■ **Work request**
Every record needs to come back as written, except for the pictures.
Records shown Block Start
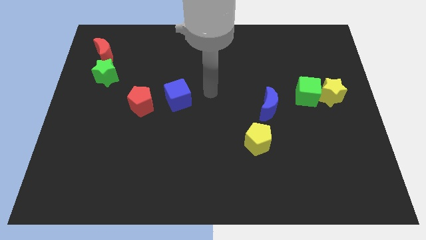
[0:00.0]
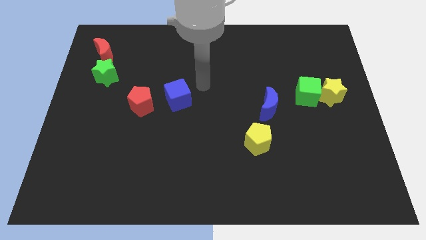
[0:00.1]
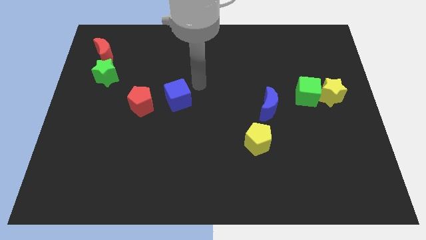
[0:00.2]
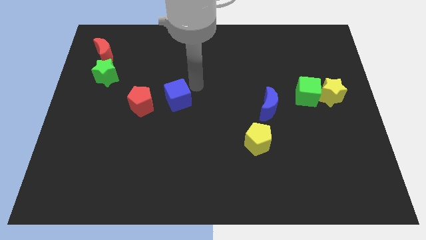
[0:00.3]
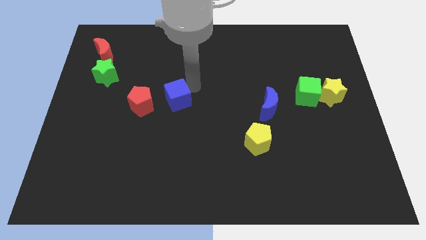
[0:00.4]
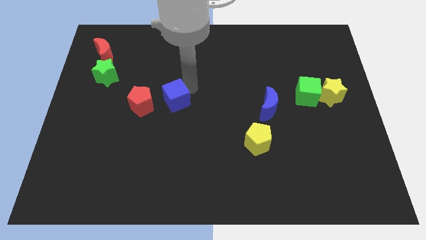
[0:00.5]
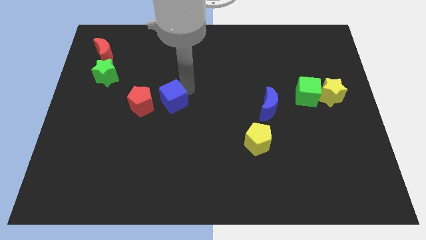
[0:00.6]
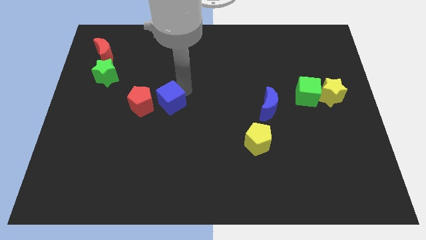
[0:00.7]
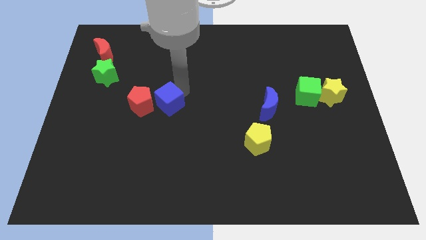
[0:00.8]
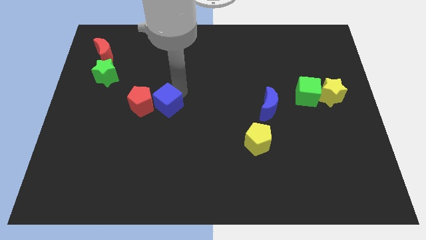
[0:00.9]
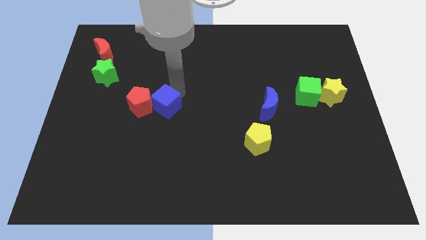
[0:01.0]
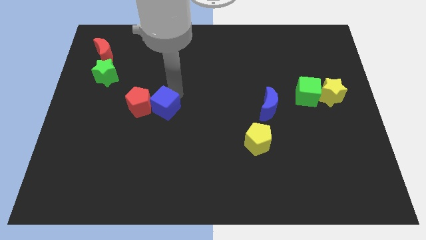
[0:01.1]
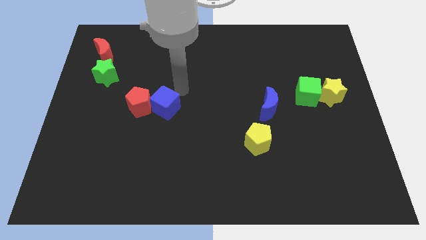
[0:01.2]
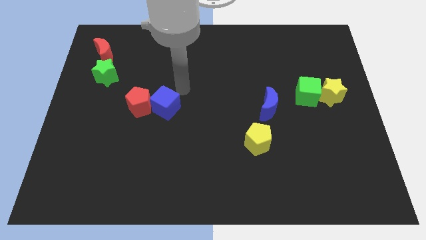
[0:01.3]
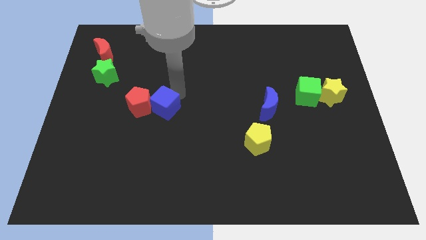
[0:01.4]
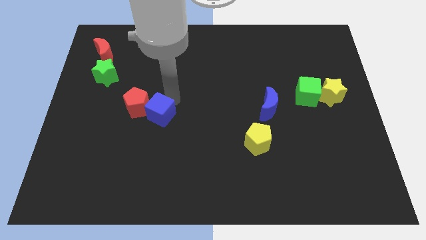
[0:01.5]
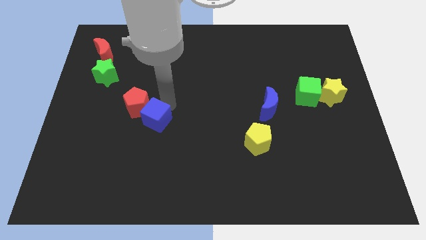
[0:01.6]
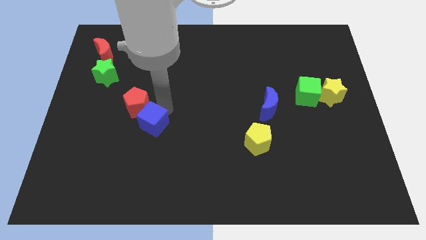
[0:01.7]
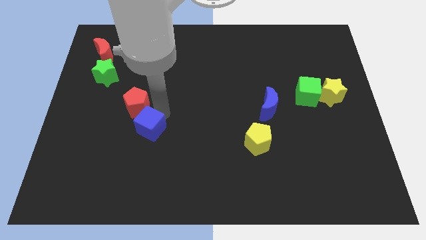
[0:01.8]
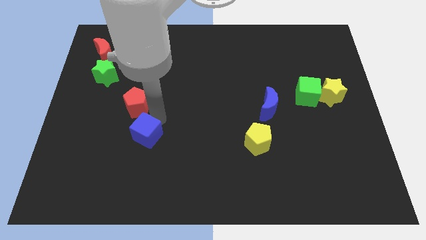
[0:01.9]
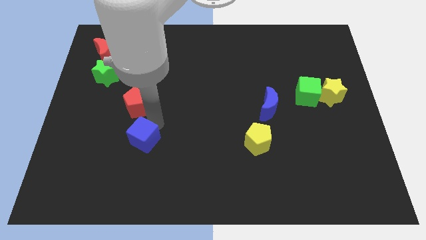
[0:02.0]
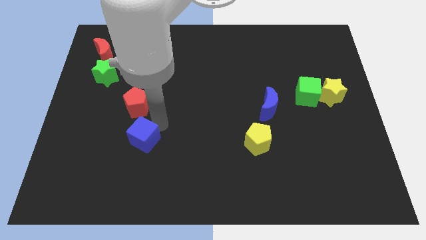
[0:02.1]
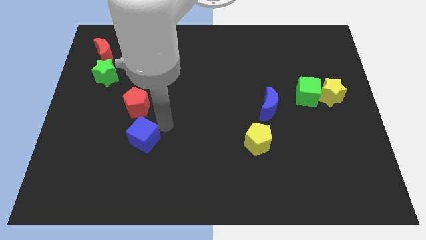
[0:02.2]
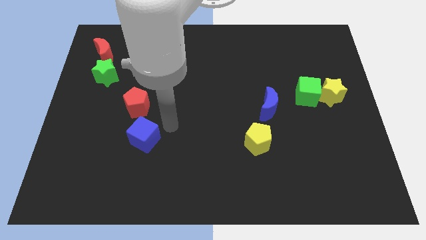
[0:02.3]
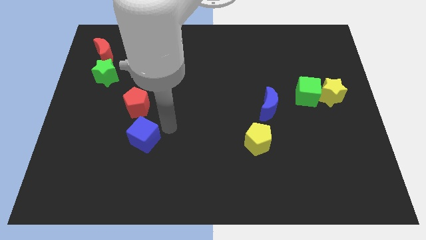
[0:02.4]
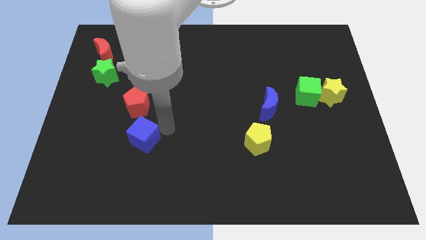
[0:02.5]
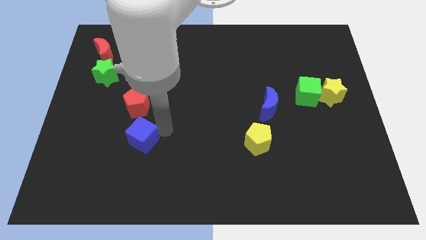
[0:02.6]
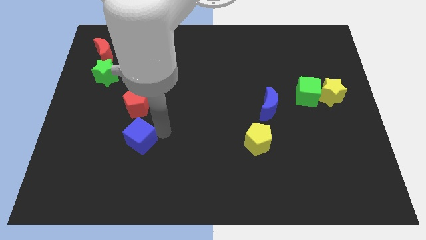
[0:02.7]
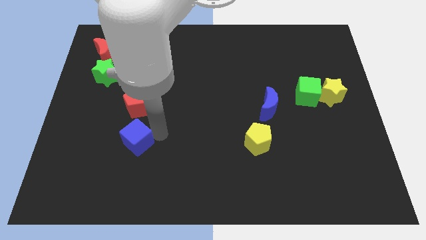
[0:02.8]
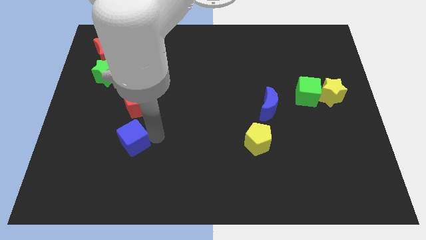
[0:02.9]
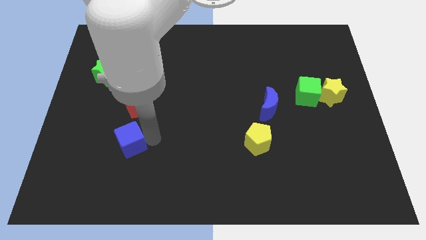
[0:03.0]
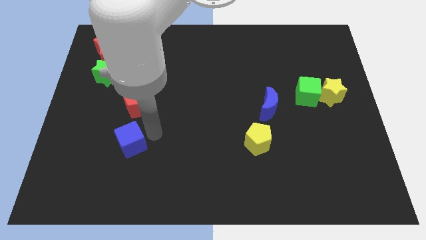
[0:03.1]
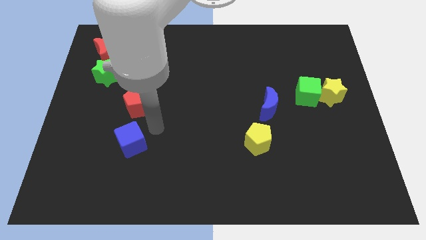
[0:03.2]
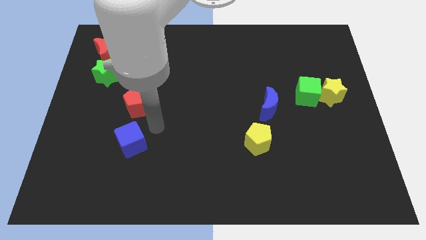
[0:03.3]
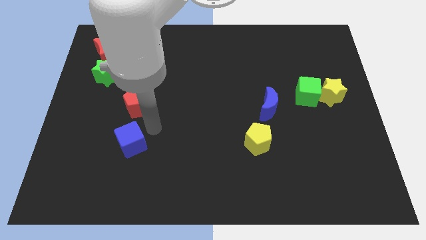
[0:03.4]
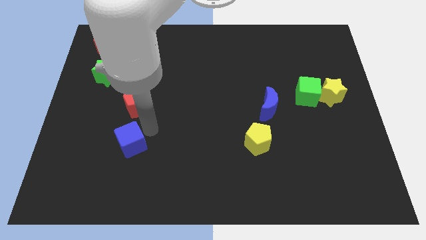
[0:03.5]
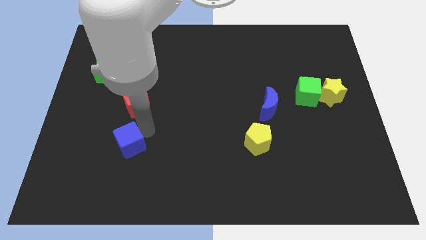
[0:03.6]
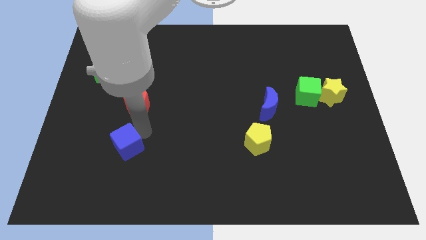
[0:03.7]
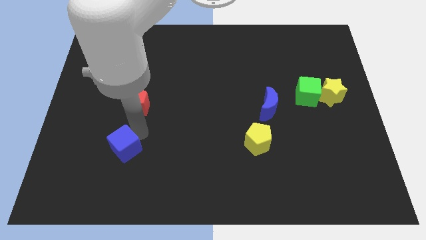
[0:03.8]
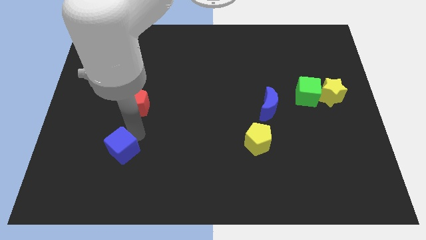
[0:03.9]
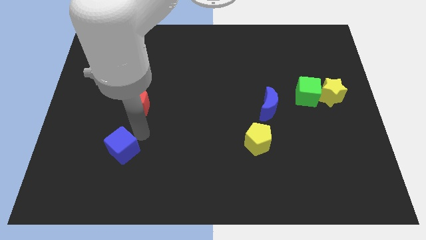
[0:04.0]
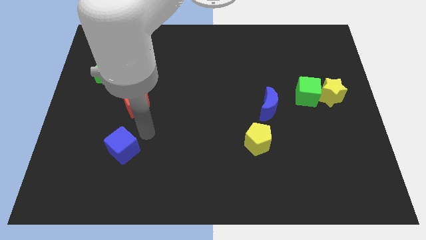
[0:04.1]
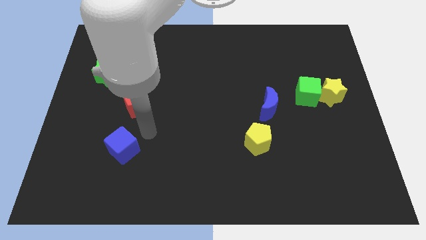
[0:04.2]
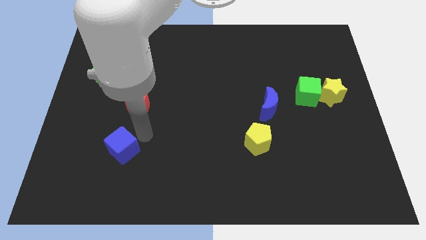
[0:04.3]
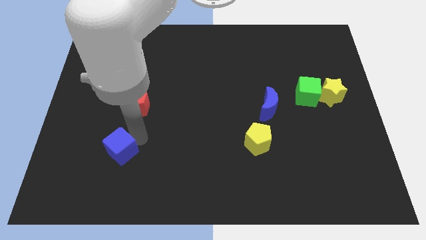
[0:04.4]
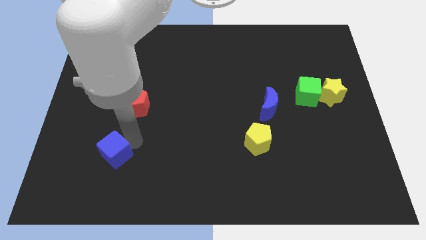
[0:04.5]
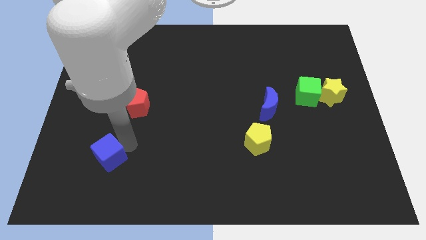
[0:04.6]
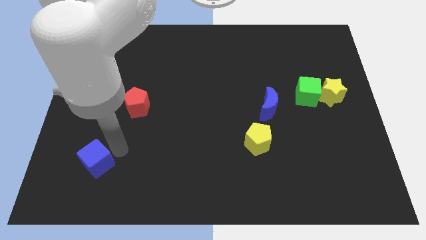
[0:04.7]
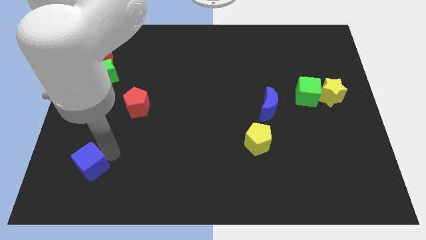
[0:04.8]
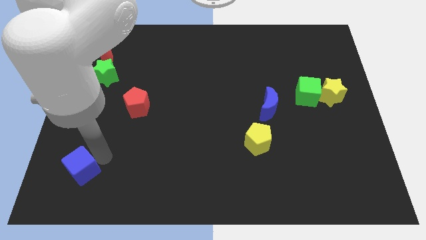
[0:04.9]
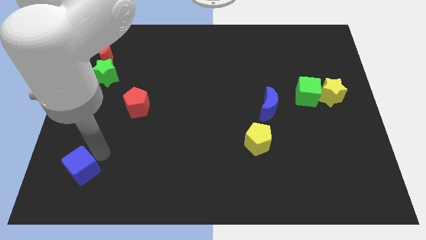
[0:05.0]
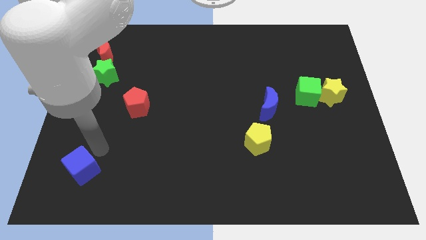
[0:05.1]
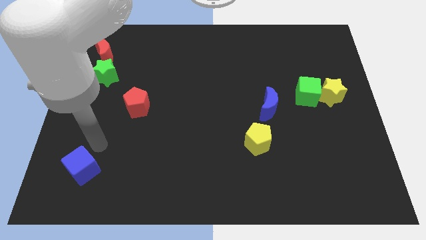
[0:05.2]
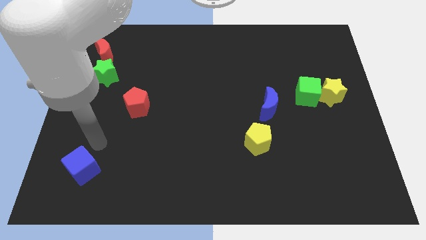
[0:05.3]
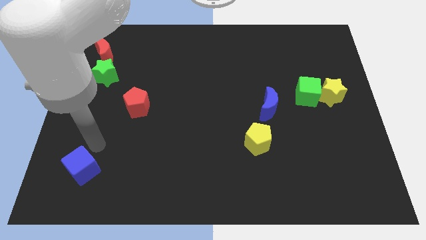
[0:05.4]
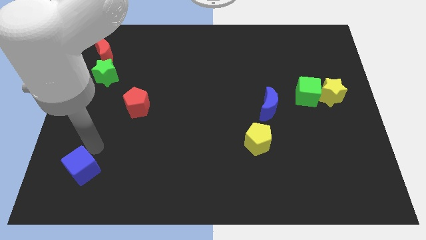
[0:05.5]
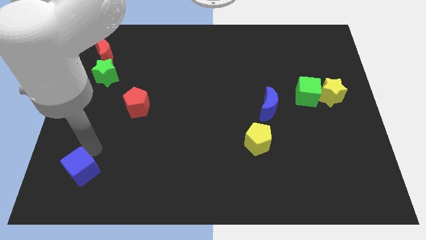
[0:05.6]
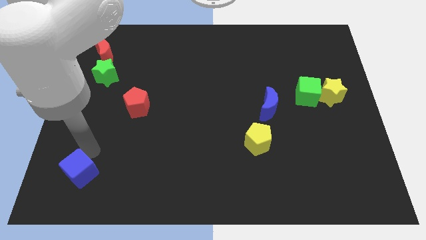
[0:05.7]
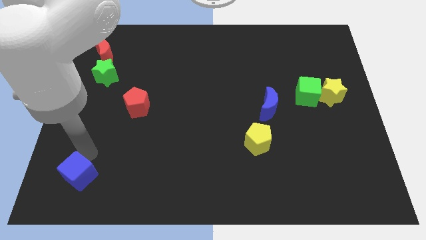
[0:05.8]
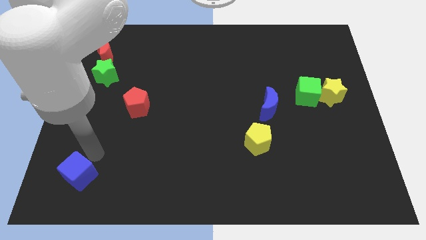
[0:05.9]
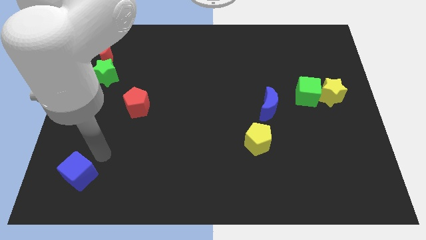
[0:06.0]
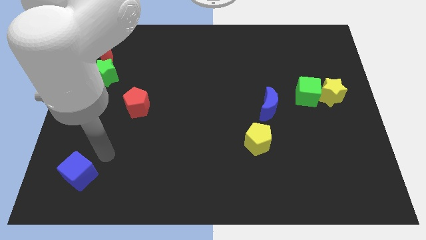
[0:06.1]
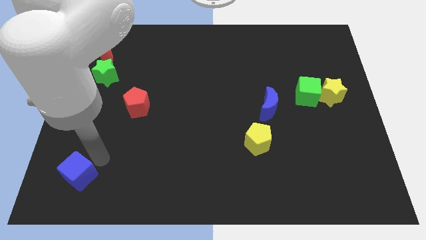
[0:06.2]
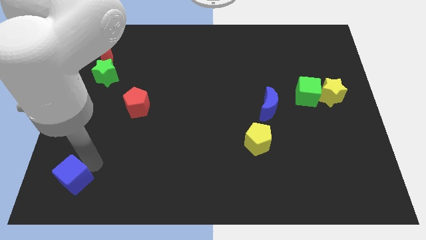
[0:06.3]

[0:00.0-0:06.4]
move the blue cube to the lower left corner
Records shown Block End
■ **Exercise solution**
[0:00.0]
[0:00.1]
[0:00.2]
[0:00.3]
[0:00.4]
[0:00.5]
[0:00.6]
[0:00.7]
[0:00.8]
[0:00.9]
[0:01.0]
[0:01.1]
[0:01.2]
[0:01.3]
[0:01.4]
[0:01.5]
[0:01.6]
[0:01.7]
[0:01.8]
[0:01.9]
[0:02.0]
[0:02.1]
[0:02.2]
[0:02.3]
[0:02.4]
[0:02.5]
[0:02.6]
[0:02.7]
[0:02.8]
[0:02.9]
[0:03.0]
[0:03.1]
[0:03.2]
[0:03.3]
[0:03.4]
[0:03.5]
[0:03.6]
[0:03.7]
[0:03.8]
[0:03.9]
[0:04.0]
[0:04.1]
[0:04.2]
[0:04.3]
[0:04.4]
[0:04.5]
[0:04.6]
[0:04.7]
[0:04.8]
[0:04.9]
[0:05.0]
[0:05.1]
[0:05.2]
[0:05.3]
[0:05.4]
[0:05.5]
[0:05.6]
[0:05.7]
[0:05.8]
[0:05.9]
[0:06.0]
[0:06.1]
[0:06.2]
[0:06.3]

[0:00.0-0:06.4]
move the blue cube to the lower left corner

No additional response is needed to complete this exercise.